Fractals are infinitely complex – infinite and complex are two carefully chosen descriptors. The Menger sponge is one of the classic construction fractals. Start with a cube. On each face draw a Tic-Tac-Toe grid of nine squares, then drill a rectangular tunnel straight through the middle square. Here’s a challenge: you can think of the result as a stack of n cubes whose side length is one-third the length of the original cube. What is n? (Spoiler alert: the answer starts with “tw” and rhymes with “n-t.”)
Like with many fractals, you then apply the same process to each of the smaller cubes, drilling tunnels through the sides of them and producing even smaller cubes. Then drill tunnels through the even smaller cubes, and so on. The final result is something like that shown in the top picture.

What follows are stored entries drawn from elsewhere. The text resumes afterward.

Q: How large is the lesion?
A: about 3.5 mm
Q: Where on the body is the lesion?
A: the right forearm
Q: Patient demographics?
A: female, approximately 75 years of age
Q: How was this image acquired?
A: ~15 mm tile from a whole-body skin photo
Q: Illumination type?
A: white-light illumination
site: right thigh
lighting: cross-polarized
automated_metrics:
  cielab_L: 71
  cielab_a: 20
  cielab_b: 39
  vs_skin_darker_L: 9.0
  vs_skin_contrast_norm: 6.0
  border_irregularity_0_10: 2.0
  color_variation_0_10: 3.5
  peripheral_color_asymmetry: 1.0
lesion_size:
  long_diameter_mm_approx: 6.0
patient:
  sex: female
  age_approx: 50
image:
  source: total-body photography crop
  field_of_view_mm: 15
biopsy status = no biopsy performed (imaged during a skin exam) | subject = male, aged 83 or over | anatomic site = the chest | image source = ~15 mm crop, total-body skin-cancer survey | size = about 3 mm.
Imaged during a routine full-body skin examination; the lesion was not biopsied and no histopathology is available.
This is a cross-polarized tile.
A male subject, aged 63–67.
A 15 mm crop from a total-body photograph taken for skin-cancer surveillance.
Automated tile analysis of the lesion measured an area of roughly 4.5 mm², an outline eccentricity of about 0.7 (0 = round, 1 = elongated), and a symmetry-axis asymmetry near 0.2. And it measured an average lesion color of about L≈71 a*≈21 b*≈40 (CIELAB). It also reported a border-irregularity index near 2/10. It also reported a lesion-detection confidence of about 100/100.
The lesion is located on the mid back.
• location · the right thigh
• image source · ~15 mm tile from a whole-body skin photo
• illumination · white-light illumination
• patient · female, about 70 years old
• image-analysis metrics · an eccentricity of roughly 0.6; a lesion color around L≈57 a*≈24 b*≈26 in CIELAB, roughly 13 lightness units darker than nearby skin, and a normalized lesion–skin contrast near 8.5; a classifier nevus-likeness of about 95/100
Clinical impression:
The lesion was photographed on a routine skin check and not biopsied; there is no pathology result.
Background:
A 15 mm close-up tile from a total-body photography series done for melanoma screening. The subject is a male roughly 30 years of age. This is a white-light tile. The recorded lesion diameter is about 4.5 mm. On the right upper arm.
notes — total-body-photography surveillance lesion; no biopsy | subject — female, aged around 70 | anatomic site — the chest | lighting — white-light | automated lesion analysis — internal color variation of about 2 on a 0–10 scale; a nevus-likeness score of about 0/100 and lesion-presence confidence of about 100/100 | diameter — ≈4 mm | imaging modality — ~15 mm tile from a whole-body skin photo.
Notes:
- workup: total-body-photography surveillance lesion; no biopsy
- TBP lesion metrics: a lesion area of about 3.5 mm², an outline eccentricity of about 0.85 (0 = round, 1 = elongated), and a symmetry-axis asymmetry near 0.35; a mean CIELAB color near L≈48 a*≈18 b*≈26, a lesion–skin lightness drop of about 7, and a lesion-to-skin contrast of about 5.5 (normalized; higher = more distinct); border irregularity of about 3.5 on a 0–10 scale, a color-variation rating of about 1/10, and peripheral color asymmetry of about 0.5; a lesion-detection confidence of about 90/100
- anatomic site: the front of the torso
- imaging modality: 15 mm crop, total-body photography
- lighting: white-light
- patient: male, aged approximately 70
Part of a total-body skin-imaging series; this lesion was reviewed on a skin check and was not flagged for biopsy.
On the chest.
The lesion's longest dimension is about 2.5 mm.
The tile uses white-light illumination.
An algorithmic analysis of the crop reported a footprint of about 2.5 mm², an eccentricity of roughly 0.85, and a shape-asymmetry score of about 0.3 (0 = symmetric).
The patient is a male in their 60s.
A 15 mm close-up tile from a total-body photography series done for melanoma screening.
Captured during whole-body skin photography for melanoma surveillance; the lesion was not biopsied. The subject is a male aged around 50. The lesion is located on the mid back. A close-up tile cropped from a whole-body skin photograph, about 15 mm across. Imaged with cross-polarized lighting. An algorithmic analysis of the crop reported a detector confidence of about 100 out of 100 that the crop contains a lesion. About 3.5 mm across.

The Mega-Menger project is a “distributed fractal” project designed to result in the largest fractal ever built. It will use several million business cards assembled in twenty locations all over the world. The main sponsor in the United States is the Museum of Mathematics in New York City. More information can be found at Michigan, USA build.
The first step in the Mega-Menger construction is to fold six business cards into a cube. Twenty such cubes then get arranged into a larger cube with Menger-like holes. Then twenty of these cubes get arranged into a larger Menger-like sponge, called a “level one” sponge. (See a Roanoke College level one above.) Put twenty level one sponges together to make a level two sponge. (The eight level ones shown below make one side of a level two.) For those keeping score, we’re up to 8000 small cubes and 48000 business cards. Twenty level two sponges make a level three sponge, and the goal is to have twenty level three sponges to make the (level four) Mega-Menger sponge.
That’s a big sponge! And a lot of business cards. And what is the result of this? Ideally, positive interest has been generated about mathematics and its connections to the arts. Perhaps it goes too far to think about thousands of people from around the world doing the same operations before joining talents to form a whole that is more impressive than the sum of its parts. But it’s a nice image, and it’s good that Roanoke College is a part of the picture.